Study to Demonstrate the Efficacy (Including Inhibition of Structural Damage), Safety and Tolerability up to 2 Years of Secukinumab in Active Psoriatic Arthritis

Psoriatic Arthritis Clinical Trial

— FUTURE5  

Official title:

A Phase III, Randomized, Double-blind, Placebo Controlled Multi-center Study of Subcutaneous Secukinumab (150 mg and 300 mg) in Prefilled Syringe to Demonstrate Efficacy (Including Inhibition of Structural Damage), Safety, and Tolerability up to 2 Years in Subjects With Active Psoriatic Arthritis (FUTURE 5)

Clinical Trial Details — Status: Completed

Administrative data

• NCT number: NCT02404350
• Other study ID #: CAIN457F2342
• Secondary ID: 2015-000050-3802
• Status: Completed
• Phase: Phase 3
• Start date: August 31, 2015
• Est. completion date: January 24, 2019

Study information

• Verified date: April 2020
• Source: Novartis
• Contact: n/a
• Is FDA regulated: No
• Study type: Interventional

Clinical Trial Summary

The purpose of this study was to demonstrate efficacy including effect on inhibition of progression of structural damage, safety and tolerability up to 2 years with primary focus at Week 16 (week 24 for structural damage), to support the use of secukinumab pre-filled syringe (PFS) by subcutaneous (s.c.) self-administration with or without loading regimen in subjects with active Psoriatic Arthritis (PsA) despite current or previous NSAID, DMARD therapy and/or previous anti-TNFα therapy. Long term efficacy up to 2 years was based on signs and symptoms of joint/bone structure preservation (X-ray) and improvement in physical function measured by Health Assessment Questionnaire - Disability Index (HAQ-DI©), as well as skin and nail improvement for psoriasis signs.

Description:

This multicenter study uses a randomized, double-blind, placebo-controlled, parallel-group design. A screening period (SCR) running up to 10 weeks before randomization will be used to assess subject eligibility followed by 104 weeks of treatment.

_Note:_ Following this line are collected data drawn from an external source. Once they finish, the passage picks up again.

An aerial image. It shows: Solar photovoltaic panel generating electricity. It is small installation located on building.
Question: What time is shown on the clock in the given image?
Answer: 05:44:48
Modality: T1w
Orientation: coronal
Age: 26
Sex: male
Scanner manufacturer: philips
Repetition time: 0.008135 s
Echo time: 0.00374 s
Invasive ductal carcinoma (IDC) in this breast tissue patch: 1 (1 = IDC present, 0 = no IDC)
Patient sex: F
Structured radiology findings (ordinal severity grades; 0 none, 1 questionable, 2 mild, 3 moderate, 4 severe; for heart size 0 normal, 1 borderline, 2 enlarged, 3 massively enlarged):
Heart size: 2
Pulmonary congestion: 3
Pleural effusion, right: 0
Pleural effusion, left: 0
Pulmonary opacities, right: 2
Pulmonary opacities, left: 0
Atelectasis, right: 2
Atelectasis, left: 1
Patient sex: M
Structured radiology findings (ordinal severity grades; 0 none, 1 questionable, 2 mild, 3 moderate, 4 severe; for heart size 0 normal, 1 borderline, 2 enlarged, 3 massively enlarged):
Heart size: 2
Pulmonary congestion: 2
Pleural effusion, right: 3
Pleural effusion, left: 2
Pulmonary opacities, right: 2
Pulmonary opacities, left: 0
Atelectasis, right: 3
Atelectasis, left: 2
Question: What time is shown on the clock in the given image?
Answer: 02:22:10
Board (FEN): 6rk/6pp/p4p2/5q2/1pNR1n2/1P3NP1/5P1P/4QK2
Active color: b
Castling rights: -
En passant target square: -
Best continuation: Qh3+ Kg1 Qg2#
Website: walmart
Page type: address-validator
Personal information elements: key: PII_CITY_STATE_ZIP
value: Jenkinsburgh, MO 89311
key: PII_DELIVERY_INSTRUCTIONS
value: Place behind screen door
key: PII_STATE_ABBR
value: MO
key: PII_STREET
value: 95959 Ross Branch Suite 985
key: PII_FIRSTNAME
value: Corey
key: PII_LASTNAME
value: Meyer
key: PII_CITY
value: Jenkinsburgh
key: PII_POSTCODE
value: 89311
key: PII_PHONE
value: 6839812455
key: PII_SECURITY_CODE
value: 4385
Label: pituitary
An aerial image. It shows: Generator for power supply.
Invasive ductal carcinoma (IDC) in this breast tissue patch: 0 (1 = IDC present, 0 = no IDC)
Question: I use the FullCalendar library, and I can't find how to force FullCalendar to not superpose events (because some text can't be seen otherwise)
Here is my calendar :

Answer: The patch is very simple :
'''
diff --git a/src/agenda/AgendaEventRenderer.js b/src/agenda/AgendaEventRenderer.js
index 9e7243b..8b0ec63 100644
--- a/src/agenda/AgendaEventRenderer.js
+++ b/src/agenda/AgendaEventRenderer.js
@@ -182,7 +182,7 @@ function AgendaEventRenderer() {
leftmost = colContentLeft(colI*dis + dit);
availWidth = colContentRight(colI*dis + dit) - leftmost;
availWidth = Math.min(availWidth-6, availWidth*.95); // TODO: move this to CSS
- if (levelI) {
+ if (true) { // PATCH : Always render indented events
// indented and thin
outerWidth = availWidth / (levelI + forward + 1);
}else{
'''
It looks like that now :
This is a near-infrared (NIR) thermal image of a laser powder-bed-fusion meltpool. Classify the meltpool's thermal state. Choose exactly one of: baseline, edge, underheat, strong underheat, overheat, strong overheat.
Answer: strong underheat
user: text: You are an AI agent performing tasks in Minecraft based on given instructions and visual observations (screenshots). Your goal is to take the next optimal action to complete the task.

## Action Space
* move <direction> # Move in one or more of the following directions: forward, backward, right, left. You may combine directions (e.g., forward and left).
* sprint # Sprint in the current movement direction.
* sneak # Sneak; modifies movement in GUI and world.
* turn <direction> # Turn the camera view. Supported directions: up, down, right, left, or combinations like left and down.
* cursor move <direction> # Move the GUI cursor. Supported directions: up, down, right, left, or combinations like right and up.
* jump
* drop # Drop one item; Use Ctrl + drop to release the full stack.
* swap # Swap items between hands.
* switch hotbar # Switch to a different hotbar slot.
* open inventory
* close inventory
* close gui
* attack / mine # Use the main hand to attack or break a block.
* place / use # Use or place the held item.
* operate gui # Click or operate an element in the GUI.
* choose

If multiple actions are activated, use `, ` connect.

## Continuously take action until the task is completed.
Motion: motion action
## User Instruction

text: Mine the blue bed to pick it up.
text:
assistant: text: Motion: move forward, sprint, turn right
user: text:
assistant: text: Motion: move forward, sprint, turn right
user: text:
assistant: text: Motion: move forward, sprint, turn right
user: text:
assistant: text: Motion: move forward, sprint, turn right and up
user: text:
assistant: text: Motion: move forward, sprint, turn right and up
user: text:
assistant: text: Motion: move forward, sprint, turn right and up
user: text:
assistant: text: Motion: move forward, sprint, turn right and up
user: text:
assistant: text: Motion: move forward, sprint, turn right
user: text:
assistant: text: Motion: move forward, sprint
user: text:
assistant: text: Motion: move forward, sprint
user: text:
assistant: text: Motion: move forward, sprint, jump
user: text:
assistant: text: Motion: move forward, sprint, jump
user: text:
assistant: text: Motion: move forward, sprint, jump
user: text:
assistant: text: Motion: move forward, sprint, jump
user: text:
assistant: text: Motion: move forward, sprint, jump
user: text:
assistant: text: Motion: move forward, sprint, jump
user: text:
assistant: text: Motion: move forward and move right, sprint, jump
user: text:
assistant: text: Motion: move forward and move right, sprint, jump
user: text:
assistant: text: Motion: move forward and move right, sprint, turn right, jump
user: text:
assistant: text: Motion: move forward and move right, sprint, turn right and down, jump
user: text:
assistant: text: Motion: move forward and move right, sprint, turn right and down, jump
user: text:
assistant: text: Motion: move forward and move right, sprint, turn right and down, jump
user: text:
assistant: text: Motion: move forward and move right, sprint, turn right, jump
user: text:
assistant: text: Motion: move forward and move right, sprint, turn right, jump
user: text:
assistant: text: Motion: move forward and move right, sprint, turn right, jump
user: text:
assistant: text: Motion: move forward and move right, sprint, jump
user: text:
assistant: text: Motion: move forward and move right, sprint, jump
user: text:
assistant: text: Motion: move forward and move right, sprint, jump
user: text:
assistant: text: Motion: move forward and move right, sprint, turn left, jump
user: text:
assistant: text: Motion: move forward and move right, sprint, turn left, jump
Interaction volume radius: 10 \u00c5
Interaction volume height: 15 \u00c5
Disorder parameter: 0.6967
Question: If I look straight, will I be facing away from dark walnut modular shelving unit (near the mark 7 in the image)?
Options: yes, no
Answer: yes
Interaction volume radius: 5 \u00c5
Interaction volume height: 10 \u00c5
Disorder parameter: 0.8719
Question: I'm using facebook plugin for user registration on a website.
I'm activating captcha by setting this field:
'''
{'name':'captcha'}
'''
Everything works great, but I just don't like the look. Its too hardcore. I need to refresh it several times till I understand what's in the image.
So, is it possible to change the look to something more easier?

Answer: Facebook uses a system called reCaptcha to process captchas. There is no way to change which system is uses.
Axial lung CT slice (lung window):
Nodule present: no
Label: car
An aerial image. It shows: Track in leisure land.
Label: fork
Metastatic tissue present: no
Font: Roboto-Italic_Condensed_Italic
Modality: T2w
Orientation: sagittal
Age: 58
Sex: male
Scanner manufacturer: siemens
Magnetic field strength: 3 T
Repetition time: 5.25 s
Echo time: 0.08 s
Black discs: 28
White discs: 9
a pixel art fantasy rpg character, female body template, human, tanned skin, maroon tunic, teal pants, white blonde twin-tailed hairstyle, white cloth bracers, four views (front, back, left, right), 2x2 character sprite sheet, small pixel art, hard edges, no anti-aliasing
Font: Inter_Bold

At BSL approximately 990 subjects whose eligibility is confirmed will be randomized to one of four treatment groups in 2:2:2:3 ratio:

• Group 1 - secukinumab 150 mg s.c. without loading regimen

• Group 2 - secukinumab 150 mg s.c. with loading dose regimen

• Group 3 - secukinumab 300 mg s.c. with loading dose regimen

• Group 4 - Placebo s.c. NOTE: Group 4 is split into 2 treatment arms, detailed description below. At randomization, subjects will be stratified on the basis of previous anti-TNF therapy as TNFα inhibitor naïve (TNF-naïve) or TNFα inhibitor inadequate responders (TNF-IR).

At each study treatment visit, one (for secukinumab 150 mg) or two (for secukinumab 300 mg) s.c. injections in the form of PFS will be administered, since secukinumab is available in 1.0 mL (150 mg) PFSs. Placebo to secukinumab is also available in 1.0 mL to match the active drug.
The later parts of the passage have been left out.